The Chinese considered white foreigners to be, quite literally, the enemy. Before Lottie arrived there in 1873, China’s opium crisis, fostered by British ships that carried the deadly analgesic to their shores, resulted in two wars.
China had the moral high ground, but Great Britain had superior military power. The humiliating defeats left once-proud China without Hong Kong, and Britain forced China to open its major coastal cities to foreign settlements.
The Chinese felt demeaned by the practices of foreign businessmen who moved into their country, and Lottie found herself guilty by association. “Foreign devil,” they called her mockingly. They ridiculed and persecuted her. Even after she learned their language and figured out how to use chopsticks, the wall that separated the now-famous Southern Baptist missionary from the locals she longed to impact with the gospel was foreboding.
At Least I Tried
The Chinese couldn’t be expected to meet her halfway. They hadn’t invited her. If she wanted to be in their country and have anything to do with them, she’d have to live by their rules.
Others in Lottie’s position might have shrugged their shoulders in defeat and said, “At least I tried.” Lottie, however, esteemed her life and calling enough to press forward into hard places. Removing that wall of separation would determine whether the people in her sphere of influence would ever hear the gospel or respond.
“Lottie esteemed her life and calling enough to press forward into hard places.”
So, with deep conviction and steely resolve, she decided to act. Brick by brick, she scraped and chiseled until she had inflicted sufficient damage to the wall and endeared herself to the Chinese people. Her plan didn’t come together all at once, but Lottie eventually hit upon six strategies that won the hearts of the people.
1. Lottie dressed like them.
At first, Lottie did not understand the effect her American clothing and hairstyle had on the Chinese people. Only after she moved inland to Ping’tu, Shandong, after twelve years on the field, and suffered from the bitter cold, did she ask a seamstress to make her the thick, wide-sleeved jackets worn by the local women. Lottie was shocked to notice that, almost immediately, children stopped taunting her, people stopped asking her if she was a man or a woman, and the women in the city treated her with more friendliness.
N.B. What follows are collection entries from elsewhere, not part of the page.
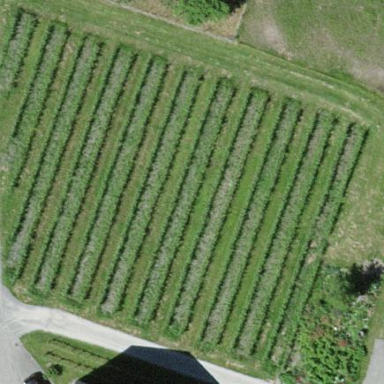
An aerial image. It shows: Vineyard growing grapes.
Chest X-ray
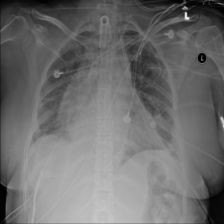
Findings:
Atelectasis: negative
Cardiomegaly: negative
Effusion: negative
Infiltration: negative
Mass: negative
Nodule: negative
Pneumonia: negative
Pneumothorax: negative
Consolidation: negative
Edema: negative
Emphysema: negative
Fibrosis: negative
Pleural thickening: negative
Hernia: negative
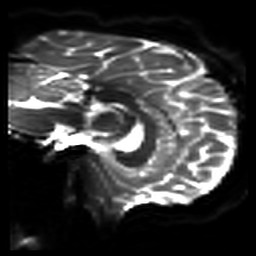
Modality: DWI
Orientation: sagittal
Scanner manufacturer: philips
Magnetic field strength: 7 T
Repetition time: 9.612 s
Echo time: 0.073 s
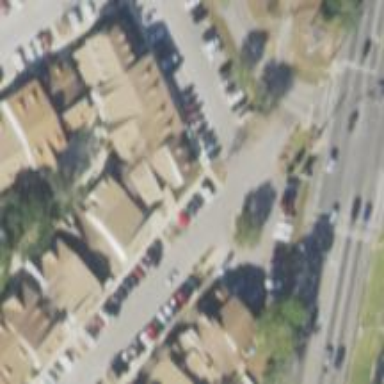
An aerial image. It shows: Parking space.
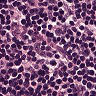
Metastatic tissue present: no
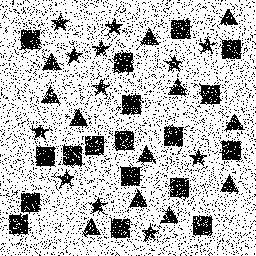
Squares: 18
Triangles: 12
Stars: 12
Total shapes: 42
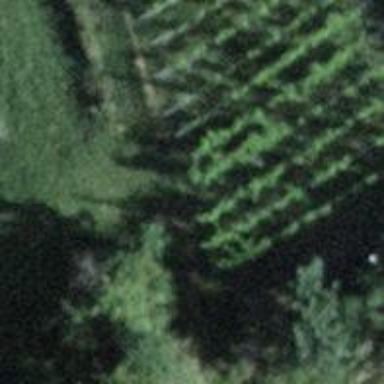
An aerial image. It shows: Vineyard with grape crops.
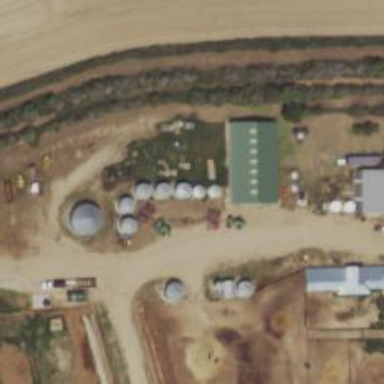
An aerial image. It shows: Silo.
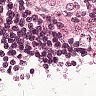
Metastatic tissue present: yes

She did not have to change her identity or her theological foundations to win them over; she just changed clothes! This simple act accorded respect to the Chinese people’s customs and culture and opened their hearts to the foreigner in their midst.
2. Lottie became their cookie lady and friend.
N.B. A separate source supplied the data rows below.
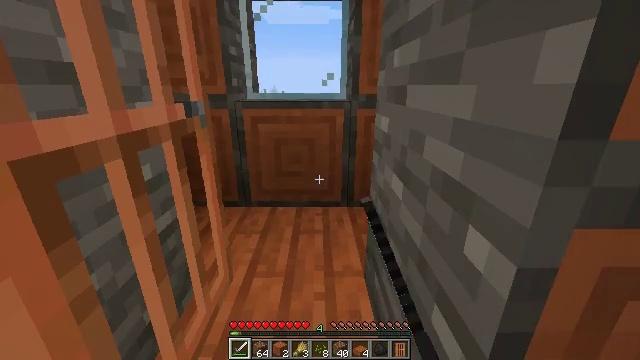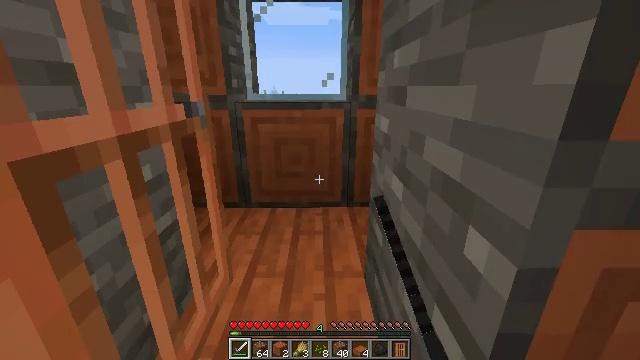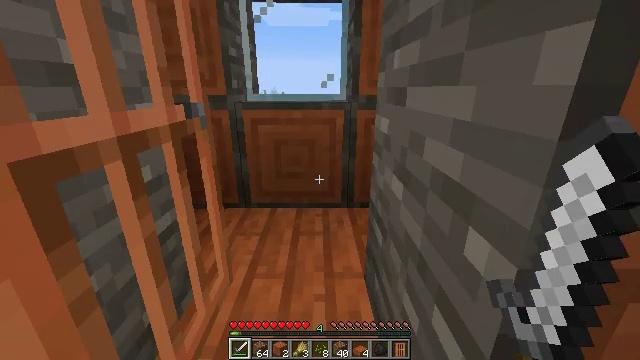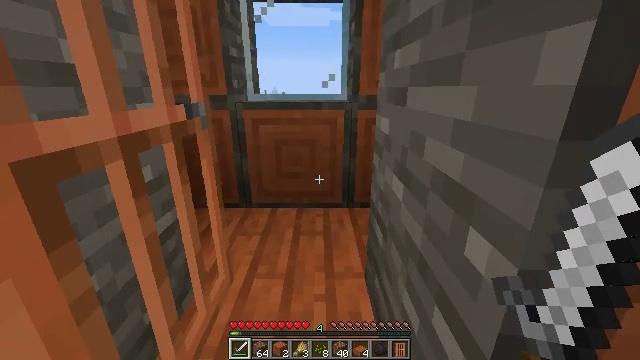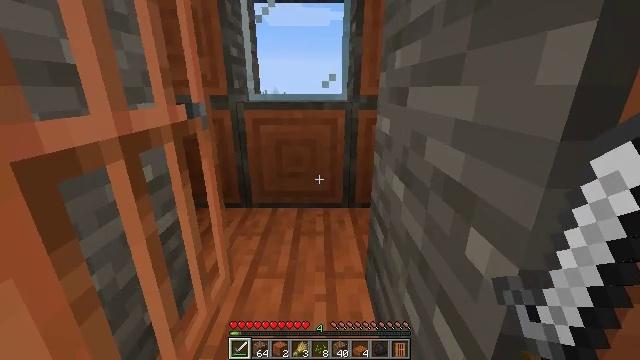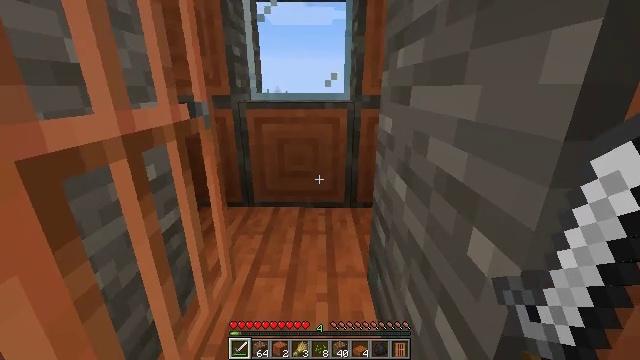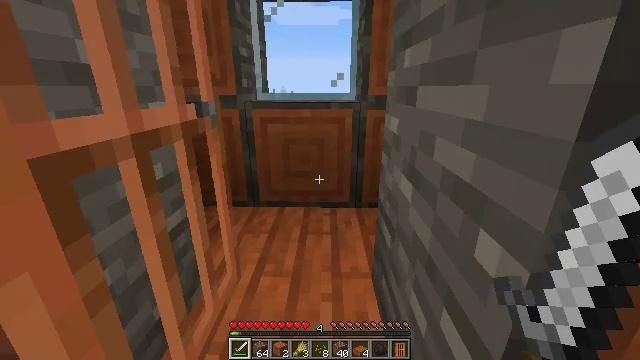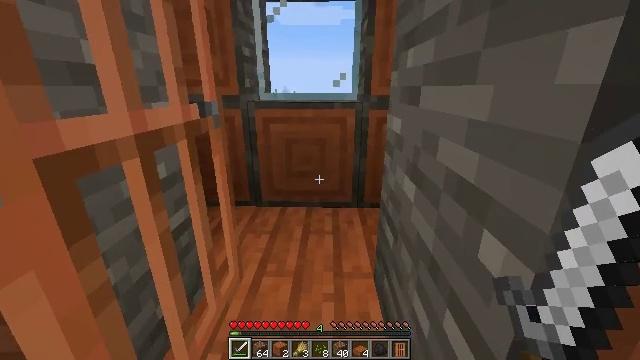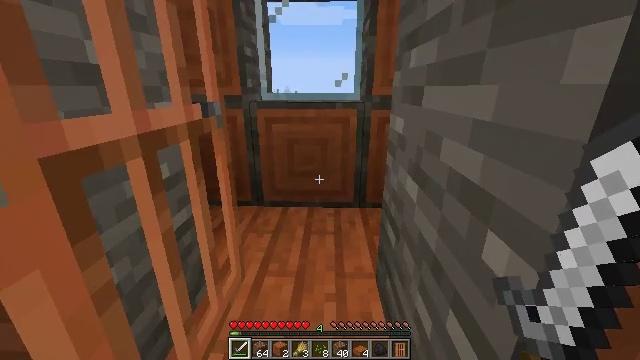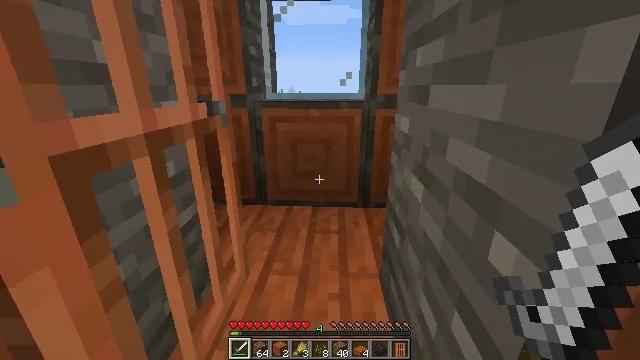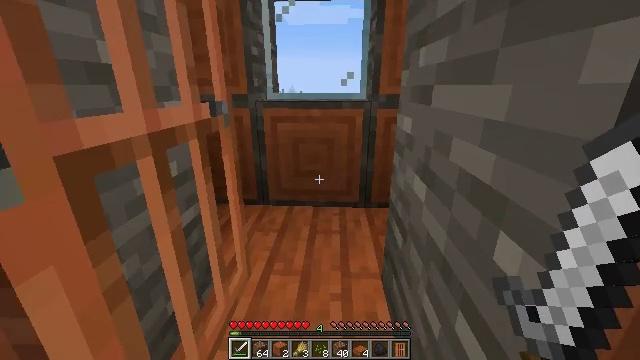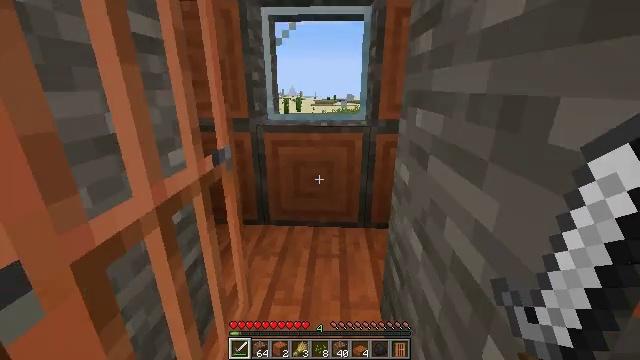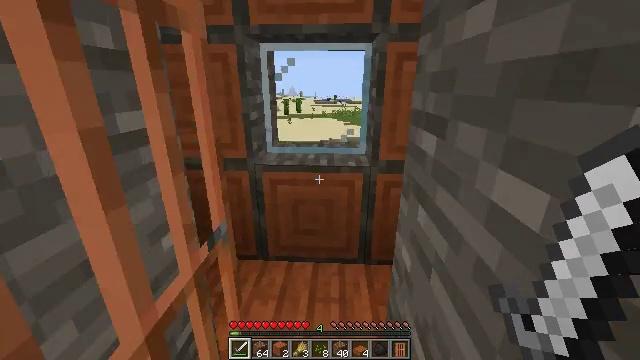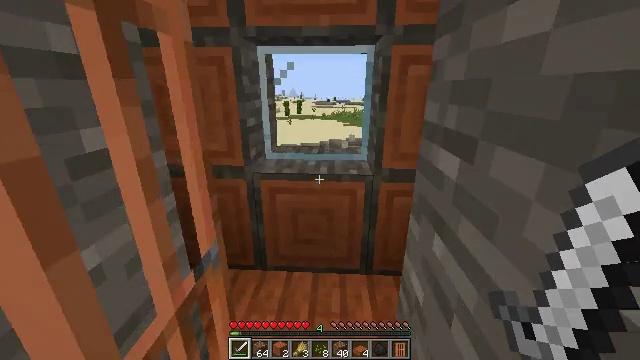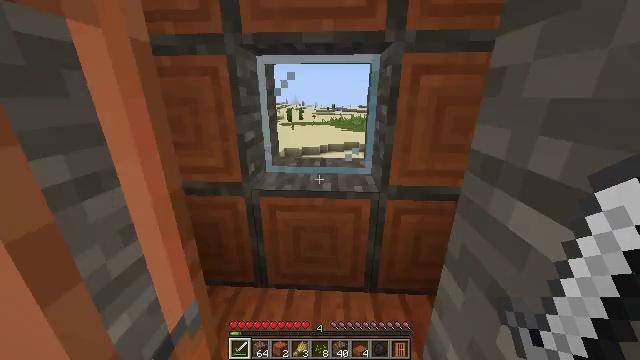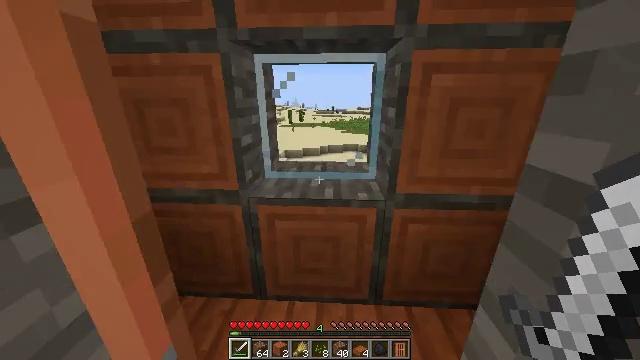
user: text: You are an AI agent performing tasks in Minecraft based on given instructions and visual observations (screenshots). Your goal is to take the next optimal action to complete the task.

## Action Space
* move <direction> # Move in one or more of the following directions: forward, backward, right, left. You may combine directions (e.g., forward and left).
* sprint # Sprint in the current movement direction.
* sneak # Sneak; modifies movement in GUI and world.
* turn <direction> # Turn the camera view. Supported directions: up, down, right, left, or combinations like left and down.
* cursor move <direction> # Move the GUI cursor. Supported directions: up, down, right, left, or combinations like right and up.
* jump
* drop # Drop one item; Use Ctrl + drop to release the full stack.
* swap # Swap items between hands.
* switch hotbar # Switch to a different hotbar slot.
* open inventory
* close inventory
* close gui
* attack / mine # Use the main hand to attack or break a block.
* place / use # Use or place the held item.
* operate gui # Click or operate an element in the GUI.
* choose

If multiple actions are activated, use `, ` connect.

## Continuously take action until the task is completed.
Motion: motion action
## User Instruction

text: Harvest sugar cane from the plant.
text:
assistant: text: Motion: no_op
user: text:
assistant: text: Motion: move forward
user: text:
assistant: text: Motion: move forward
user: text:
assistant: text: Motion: move forward
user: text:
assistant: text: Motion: move forward
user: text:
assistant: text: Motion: move forward, turn left
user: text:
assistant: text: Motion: move forward
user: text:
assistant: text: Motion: move forward
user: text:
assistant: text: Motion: move forward
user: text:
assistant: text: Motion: move forward
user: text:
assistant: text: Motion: move forward, sprint
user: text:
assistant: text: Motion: move forward, sprint
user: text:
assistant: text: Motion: move forward, sprint
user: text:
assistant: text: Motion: move forward, sprint
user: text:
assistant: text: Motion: move forward, sprint
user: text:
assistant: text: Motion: move forward, sprint
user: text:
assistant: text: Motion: move forward, sprint
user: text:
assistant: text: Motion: move forward, sprint
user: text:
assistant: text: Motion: move forward, sprint
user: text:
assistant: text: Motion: move forward, sprint
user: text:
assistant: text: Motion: move forward, sprint, turn left
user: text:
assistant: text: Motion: move forward, sprint, turn left and down
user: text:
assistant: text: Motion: move forward, sprint, turn left
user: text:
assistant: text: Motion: turn left
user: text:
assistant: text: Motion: turn left
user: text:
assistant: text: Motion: turn left
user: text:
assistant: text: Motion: turn left
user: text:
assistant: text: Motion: turn left
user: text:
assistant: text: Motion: turn left
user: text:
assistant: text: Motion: no_op

Before they would listen to the gospel, Moon reasoned, they had to respect her as a friend. She got out of her house and interacted with the women in her neighborhood. She even made shortbread cookies for the children. Although the neighbors first feared the cookies were poisoned, no one got ill. Their defenses were eventually softened by Lottie’s simple gifts of food.
3. Lottie adopted their lifestyle.
In Ping’tu, Lottie lived in a small Chinese-style concrete house and slept on a fire-heated bed made of bricks. She suppressed her preference for American utensils and used chopsticks to eat, at least in the presence of the Chinese. Although Chinese cooking made her physically ill, she found a few dishes she could eat and did so to avoid offending her neighbors. She was determined to show them she was all in.
4. Lottie used her skills to meet their needs.
Moon and other missionaries started schools, even schools for girls who weren’t normally afforded an education. Lottie had taught in the American South prior to moving to China, so transferring her skills to the mission field was a natural inroad into the lives of the people of China who also valued education. Interaction with the students’ families afforded Lottie a wide audience for sharing the gospel that she might not have had otherwise. Throughout her thirty-nine-year missionary career, depending on her health and circumstances, she alternated between teaching and doing full-time evangelism work.
5. Lottie became their advocate.
Lottie’s foreign appearance and educational attainments worked to her advantage at times and gave her a local celebrity status that she used for good. She advocated with civic leaders for religious tolerance, rescued girls from being sold as concubines, and saved some of her students from foot binding, a barbaric practice that made Chinese women marriageable but crippled them for life.
6. Lottie put their needs before her own.
Times of famine have taught the hospitable Chinese people to show concern for each other by making sure their neighbors have had enough food. Lottie cared about people in this way too. When famine struck and food was scarce, Lottie, who had access to food, refused to eat it and let her Chinese neighbors have it instead. In the end, this would weaken her health and end her life.
An Acceptable Outsider
Lottie’s plan to endear the Chinese to herself was successful. The wall never completely crumbled, but it became penetrable. The people she lived among began to treat her as an acceptable outsider. Not only did they welcome her into their homes but they crowded into hers, listening to the gospel message that she passionately taught.
Adjusting her language, attire, and customs to more closely match that of the people she hoped to reach did not compromise God’s Word. It simply softened the sharp edges that divided their two cultures. As a result of her ministry, many chose to follow Jesus.
After all, if Lottie could love them as she did, it must have been easy for them to believe that Jesus loved them too.